Suggested this experiment before seeing the original activation-engineering results
Coauthor of Physical Principles for Scalable Neural Recording (with Ed Boyden, George Church, Konrad Kording, Adam Marblestone, et al.)
Advisor to this Nature Methods paper on 3D neuroimaging (in Acknowledgments): https://www.nature.com/articles/nmeth.2964
Advisor to Brain Preservation Foundation https://www.brainpreservation.org/team/david-dalrymple/
Studied systems neuroscience in the Biophysics PhD program at Harvard
Main claim to fame: youngest MIT graduate student (obtained master’s at age 16)
Author of An Open Agency Architecture for Safe Transformative AI (see also this subsequent exposition).
- That is a completely different approach that relies on formal verification for safety rather than prosaic alignment; however, nonetheless, davidad believes there are some prosaic directions (such as this one) that deserve more attention and effort.

Lisa Thiergart:

Co-author on original activation engineering paper (soon will also be on arxiv) https://www.lesswrong.com/posts/5spBue2z2tw4JuDCx/steering-gpt-2-xl-by-adding-an-activation-vector
Co-author on adding vector to steer a maze-solving agent https://www.lesswrong.com/posts/gRp6FAWcQiCWkouN5/maze-solving-agents-add-a-top-right-vector-make-the-agent-go
SERI MATS scholar
Previous experiences: https://www.linkedin.com/in/lisathiergart/
- neurotech / alignment relevant experience:
  - 6 months on Team Shard mentored by Alex Turner, various mechanistic interpretability projects including maze and natural abstraction
  - 4 months working as Research Scientist for BCI startup
  - 3 months upskilling at Entrepreneur First focused on Alignment and Neurotech domain exploration
  - Ran workshop on neurotech for alignment affiliated with foresight
  - 8 months CORE Robotics lab - specialist project on BCI control of robotics, experience with EEG recording, experiment execution with participants and experimental design. IRB certified.

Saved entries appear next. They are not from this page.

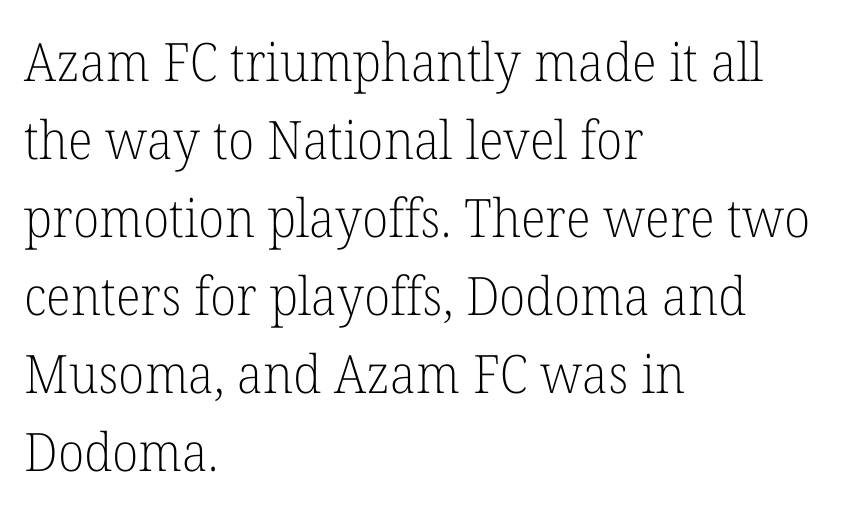
{"serif": "yes", "italic": "no", "bold": "no", "weight": "light", "width": "normal", "stroke_contrast": "low", "x_height": "medium", "monospaced": "no", "underline": "no", "align": "left", "line_spacing": "normal", "line_spacing_ratio": 1.47, "letter_spacing": "normal", "letter_spacing_em": 0.0, "glyph_px": 53}
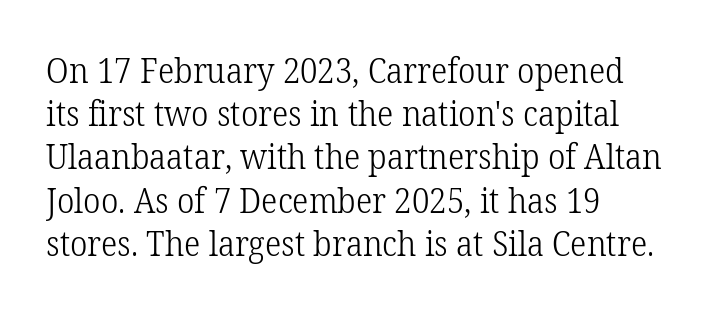
The image shows 34 px light serif type, upright; set normal line spacing (1.27x), normal letter spacing, not underlined; low stroke contrast and a medium x-height.
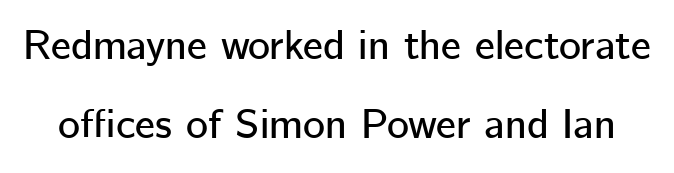
{"serif": "no", "italic": "no", "width": "normal", "stroke_contrast": "low", "x_height": "medium", "monospaced": "no", "underline": "no", "line_spacing_ratio": 1.88, "letter_spacing": "normal", "letter_spacing_em": 0.0, "glyph_px": 42}
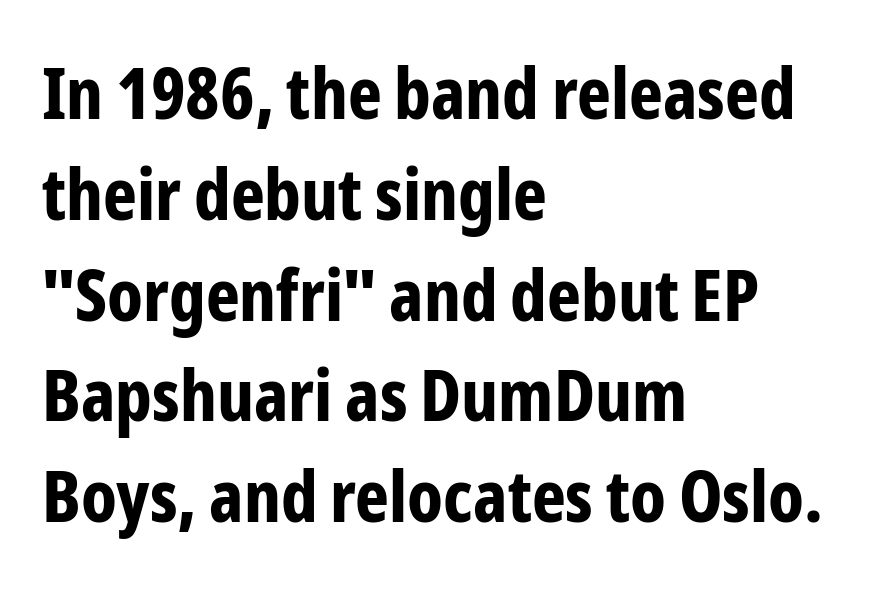
The image shows 72 px bold, condensed sans-serif type, upright; set left-aligned, normal line spacing (1.4x), normal letter spacing, not underlined; low stroke contrast and a medium x-height.
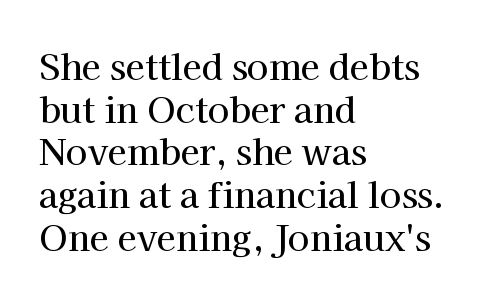
This rendering uses left alignment, leaving the right contour irregular. A typesetter would call this zero additional tracking. Words float on clear page, feet unadorned. Think of a printed novel: that variable character pitch is what you see here.
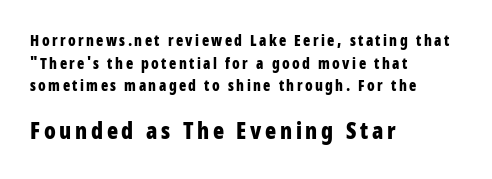
The image shows 23 px bold type, upright; set left-aligned, normal line spacing (1.51x), not underlined; the second (bottom) block is 1.53x larger.

What are the most likely causes and outcomes if this project fails? (premortem)

The most obvious is that AIs don't make value judgements like humans do and this is a waste of time. It still seems well worth trying though.

What other funding is this person or project getting?

Probably some from Foresight since they are applying and we are in discussions with them. They don’t want to very actively spend time seeking grants since it is very time-consuming.